On top of this, the Office for Fair Access (OFFA) has agreed 183 access agreements for 2016 to 2017, with universities now planning to spend more than £745 million on measures to improve access and student success for these students.
HE’s presence in DfE will help facilitate closer ties between universities and schools to tackle issues such as raising attainment, building on the priority that we gave this in the government’s guidance to Les Ebdon, the Director of Fair Access, earlier this year – guidance which for the first time ensured that access agreements will target activity to those who have often been side-lined: white working-class boys and students with learning difficulties.
As I have said, UK universities rank among the very best in the world and our research base is of global envy. But to ensure that this high-quality education is accessible to all there is more to do. The Higher Education and Research Bill will make it easier for high-quality new providers to enter the sector, giving students more choices and opportunities, while the Teaching Excellence Framework, operated by the OfS, will ensure that institutions are rated and funded according to the quality of their teaching and outcomes from it, not just the number of students they teach.
I am also looking forward to seeing the report of UUK’s Social Mobility Advisory Group, which Nicola is leading, and has been doing important work on this issue. Nobody is suggesting that universities alone can fix the underlying social divisions in our country so starkly exposed by the Brexit outcome. But universities can and must contribute, and, with the power that you do have, I make no apology for urging all of you to make this a priority.
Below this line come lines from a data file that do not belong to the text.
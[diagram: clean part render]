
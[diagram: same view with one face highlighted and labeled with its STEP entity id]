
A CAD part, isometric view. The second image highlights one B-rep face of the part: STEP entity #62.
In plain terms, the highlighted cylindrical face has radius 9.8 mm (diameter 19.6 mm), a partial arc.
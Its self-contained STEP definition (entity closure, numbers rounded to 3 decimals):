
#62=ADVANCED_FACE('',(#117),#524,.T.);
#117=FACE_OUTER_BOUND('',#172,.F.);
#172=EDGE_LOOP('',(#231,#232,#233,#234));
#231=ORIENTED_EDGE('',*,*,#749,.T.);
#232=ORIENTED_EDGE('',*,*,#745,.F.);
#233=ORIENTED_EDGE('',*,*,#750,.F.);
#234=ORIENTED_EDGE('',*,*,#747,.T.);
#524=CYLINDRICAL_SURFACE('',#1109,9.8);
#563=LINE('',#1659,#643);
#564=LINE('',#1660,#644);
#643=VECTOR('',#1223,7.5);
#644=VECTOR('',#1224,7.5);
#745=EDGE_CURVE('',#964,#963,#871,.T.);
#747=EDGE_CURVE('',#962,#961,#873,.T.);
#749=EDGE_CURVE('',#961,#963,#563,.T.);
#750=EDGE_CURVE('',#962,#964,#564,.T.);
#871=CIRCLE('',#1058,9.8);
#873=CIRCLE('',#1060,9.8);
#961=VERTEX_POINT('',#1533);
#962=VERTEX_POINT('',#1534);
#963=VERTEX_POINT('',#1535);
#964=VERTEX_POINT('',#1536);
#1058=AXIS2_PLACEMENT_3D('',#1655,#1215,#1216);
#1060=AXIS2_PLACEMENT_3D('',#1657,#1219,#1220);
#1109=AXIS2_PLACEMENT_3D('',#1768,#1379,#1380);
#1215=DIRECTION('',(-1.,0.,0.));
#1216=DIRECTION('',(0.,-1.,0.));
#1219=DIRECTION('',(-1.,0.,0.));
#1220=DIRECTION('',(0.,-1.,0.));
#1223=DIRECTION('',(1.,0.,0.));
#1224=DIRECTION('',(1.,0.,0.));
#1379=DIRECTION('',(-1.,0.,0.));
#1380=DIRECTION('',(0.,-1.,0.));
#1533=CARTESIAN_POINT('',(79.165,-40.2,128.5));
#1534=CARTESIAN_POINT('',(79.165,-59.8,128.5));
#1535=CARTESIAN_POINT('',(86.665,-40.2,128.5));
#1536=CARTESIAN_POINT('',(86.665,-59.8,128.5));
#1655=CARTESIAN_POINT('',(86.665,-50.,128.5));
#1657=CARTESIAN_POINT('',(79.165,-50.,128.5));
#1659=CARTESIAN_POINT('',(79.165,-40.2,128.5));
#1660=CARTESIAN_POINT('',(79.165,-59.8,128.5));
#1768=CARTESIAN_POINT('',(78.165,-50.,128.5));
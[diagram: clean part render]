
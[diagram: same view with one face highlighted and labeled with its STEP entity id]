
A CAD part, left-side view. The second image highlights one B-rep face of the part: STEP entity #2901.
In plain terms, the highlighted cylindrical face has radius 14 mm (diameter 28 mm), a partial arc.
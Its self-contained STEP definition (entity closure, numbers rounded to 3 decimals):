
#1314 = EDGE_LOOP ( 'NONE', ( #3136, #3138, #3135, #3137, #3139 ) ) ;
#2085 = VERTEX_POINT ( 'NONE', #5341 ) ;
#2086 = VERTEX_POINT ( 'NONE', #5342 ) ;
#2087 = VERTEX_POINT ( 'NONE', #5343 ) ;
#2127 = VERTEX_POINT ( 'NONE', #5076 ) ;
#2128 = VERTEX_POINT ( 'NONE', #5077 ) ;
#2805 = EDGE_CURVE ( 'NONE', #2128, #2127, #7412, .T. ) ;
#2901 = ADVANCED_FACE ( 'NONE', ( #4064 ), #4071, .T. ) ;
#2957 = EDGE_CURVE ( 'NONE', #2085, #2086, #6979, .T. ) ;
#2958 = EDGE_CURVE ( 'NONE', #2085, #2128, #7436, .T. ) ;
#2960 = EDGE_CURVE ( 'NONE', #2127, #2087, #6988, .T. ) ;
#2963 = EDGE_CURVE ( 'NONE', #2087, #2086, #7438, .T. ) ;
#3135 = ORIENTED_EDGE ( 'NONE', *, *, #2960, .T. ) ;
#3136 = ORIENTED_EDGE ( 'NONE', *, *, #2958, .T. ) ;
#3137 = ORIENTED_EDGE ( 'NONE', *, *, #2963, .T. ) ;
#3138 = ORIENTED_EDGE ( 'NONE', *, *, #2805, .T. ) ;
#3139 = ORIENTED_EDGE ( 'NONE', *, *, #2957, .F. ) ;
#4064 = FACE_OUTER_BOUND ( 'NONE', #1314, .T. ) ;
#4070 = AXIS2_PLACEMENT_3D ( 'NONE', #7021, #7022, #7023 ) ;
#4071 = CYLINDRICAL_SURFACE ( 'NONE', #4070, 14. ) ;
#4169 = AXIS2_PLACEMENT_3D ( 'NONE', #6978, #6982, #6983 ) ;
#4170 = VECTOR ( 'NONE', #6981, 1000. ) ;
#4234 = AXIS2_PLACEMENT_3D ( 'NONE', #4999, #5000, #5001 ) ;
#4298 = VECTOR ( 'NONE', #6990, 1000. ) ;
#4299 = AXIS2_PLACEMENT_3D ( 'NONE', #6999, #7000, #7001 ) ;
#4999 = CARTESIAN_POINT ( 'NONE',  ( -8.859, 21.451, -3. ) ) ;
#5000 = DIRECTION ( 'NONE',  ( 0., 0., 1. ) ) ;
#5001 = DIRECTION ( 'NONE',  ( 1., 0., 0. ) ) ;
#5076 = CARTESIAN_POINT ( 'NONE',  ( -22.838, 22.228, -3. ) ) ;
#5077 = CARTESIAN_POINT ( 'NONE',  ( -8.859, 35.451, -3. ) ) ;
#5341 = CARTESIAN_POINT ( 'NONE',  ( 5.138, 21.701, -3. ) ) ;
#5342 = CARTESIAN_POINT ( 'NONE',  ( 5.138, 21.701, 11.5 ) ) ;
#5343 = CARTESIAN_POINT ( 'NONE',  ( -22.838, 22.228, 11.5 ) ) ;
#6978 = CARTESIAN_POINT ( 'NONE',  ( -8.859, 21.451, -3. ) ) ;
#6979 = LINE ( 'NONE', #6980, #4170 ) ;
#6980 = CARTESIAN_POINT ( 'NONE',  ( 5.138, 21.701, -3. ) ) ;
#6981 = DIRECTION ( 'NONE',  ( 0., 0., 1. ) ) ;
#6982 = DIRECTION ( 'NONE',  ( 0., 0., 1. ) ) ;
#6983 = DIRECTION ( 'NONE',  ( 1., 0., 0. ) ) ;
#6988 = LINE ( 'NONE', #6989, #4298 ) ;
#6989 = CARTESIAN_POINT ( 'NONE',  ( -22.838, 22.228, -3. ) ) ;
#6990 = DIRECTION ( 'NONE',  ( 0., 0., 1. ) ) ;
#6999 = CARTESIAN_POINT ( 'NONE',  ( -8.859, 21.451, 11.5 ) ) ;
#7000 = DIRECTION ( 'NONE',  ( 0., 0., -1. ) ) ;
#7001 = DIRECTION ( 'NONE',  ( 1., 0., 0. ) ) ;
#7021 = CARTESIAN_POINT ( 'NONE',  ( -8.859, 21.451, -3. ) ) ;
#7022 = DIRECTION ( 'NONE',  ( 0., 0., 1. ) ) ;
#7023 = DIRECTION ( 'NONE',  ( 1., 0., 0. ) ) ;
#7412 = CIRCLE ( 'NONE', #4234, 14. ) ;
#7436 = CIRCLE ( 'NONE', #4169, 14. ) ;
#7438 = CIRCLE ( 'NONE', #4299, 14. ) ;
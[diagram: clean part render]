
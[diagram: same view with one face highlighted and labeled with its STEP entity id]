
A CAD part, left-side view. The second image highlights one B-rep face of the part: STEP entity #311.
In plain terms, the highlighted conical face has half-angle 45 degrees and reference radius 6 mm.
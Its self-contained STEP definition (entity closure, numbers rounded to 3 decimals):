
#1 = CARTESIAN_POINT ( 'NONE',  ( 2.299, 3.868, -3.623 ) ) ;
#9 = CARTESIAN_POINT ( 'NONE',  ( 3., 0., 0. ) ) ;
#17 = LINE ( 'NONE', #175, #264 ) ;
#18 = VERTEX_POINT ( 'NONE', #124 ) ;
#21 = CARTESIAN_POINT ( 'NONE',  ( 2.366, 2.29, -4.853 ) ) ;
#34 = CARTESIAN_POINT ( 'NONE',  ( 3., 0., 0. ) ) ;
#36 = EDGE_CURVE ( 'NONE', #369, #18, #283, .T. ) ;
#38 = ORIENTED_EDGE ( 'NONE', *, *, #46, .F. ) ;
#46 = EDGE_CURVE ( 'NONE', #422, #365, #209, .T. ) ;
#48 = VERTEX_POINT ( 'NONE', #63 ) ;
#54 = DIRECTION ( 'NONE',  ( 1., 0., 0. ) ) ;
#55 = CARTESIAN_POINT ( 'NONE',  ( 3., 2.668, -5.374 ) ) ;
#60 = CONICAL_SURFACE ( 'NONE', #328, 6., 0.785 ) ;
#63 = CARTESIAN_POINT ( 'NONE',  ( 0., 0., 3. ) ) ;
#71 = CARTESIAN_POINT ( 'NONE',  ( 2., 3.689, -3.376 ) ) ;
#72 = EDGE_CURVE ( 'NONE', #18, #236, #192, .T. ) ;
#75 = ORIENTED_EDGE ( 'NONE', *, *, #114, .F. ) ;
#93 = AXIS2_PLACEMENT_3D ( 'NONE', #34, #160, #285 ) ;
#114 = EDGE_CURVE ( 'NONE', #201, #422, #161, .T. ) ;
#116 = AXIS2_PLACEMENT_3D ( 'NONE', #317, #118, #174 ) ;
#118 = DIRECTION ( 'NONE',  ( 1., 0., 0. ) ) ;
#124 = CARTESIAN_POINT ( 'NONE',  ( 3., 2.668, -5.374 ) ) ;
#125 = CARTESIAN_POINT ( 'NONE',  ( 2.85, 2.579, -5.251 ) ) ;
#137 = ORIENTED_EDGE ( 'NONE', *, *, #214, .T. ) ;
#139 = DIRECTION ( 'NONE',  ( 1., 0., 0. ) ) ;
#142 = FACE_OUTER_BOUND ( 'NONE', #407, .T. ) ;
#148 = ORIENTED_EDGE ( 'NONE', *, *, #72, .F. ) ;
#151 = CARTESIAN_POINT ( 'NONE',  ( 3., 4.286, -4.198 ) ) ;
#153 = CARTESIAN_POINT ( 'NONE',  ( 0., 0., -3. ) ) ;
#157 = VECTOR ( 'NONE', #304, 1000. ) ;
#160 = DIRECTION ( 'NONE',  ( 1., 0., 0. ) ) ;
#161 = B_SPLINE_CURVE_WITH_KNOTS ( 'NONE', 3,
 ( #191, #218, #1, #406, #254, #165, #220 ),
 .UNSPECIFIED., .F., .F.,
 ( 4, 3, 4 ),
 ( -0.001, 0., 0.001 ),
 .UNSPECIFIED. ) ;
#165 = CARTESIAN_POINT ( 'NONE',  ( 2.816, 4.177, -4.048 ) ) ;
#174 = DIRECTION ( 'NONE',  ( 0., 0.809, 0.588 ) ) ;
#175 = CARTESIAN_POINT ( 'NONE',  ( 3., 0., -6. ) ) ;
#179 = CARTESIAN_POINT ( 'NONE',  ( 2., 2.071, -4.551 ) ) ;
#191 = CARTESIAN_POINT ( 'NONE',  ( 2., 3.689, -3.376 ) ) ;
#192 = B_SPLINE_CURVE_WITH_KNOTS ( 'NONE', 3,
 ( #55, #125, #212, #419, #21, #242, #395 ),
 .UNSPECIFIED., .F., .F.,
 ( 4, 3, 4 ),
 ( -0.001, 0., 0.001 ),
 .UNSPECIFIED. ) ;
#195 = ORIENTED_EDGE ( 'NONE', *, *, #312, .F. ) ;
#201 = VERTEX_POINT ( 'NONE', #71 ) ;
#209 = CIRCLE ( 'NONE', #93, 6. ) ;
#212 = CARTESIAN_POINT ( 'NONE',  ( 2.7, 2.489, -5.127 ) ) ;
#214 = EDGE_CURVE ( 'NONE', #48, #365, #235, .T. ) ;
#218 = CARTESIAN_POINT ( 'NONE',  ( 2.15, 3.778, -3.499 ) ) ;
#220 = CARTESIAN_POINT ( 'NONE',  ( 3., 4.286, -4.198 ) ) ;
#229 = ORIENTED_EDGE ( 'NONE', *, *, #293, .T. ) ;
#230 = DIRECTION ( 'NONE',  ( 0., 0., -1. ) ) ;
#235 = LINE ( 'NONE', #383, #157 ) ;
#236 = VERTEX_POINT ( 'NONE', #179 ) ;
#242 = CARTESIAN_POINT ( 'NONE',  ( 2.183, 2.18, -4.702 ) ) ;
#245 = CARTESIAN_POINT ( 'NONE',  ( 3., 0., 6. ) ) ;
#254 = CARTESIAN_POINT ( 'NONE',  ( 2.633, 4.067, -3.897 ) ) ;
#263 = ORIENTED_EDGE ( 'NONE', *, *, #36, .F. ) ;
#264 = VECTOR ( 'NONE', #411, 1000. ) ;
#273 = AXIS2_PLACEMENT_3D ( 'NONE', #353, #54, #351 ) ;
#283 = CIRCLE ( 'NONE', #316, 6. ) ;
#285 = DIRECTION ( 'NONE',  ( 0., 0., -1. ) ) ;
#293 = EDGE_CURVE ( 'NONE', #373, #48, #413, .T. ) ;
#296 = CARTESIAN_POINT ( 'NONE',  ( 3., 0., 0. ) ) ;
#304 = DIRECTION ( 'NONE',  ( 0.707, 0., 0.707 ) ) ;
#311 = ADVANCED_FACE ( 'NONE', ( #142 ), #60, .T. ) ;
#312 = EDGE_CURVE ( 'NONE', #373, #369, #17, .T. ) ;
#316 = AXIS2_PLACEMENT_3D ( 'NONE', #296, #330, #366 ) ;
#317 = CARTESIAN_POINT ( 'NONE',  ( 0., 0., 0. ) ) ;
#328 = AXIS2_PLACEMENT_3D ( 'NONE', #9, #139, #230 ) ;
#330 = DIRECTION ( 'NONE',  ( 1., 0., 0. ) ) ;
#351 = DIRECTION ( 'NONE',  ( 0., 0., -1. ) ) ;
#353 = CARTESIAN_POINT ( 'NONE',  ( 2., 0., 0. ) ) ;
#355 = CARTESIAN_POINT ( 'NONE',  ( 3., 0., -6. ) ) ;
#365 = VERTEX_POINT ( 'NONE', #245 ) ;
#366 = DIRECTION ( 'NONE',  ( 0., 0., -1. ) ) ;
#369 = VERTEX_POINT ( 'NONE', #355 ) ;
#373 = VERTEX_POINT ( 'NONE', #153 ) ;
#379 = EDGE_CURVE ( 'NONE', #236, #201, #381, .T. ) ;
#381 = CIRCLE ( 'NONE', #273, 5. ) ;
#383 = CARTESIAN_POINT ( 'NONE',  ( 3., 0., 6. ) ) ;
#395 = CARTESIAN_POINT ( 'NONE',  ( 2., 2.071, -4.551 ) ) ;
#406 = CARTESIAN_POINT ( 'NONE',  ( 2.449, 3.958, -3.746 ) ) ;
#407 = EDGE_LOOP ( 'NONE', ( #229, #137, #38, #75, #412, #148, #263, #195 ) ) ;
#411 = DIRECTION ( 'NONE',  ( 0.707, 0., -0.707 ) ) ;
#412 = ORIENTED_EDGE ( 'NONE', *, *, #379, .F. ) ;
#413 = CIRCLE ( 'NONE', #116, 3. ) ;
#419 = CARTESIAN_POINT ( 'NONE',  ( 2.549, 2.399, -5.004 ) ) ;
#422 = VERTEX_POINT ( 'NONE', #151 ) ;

Together, we must respond to the challenges and opportunities presented by Brexit and the changing nature of our economy and the way that change affects different groups of society.
The government cannot do this without your continued help and guidance.
We need your help to do more to drive up quality so that all students can be confident that their investment in a university education has been worthwhile. As Ed Peck, VC of this great university has put it: “Universities must become more student-centric and outcome driven, alongside fulfilling a wider role as catalysts for social mobility on an industrial scale.” I could not agree more.
I look forward to working with you in the months ahead.